DATA LISTING —
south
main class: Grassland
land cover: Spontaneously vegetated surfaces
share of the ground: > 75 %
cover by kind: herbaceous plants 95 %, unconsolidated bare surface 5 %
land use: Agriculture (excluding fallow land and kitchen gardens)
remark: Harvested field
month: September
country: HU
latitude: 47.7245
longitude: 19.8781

PROBLEM STATEMENT —
Reproduce, unchanged, the line containing "land use: Agriculture" and each line after it through the end of the listing above, and nothing else.

SOLUTION TO THE PROBLEM —
land use: Agriculture (excluding fallow land and kitchen gardens)
remark: Harvested field
month: September
country: HU
latitude: 47.7245
longitude: 19.8781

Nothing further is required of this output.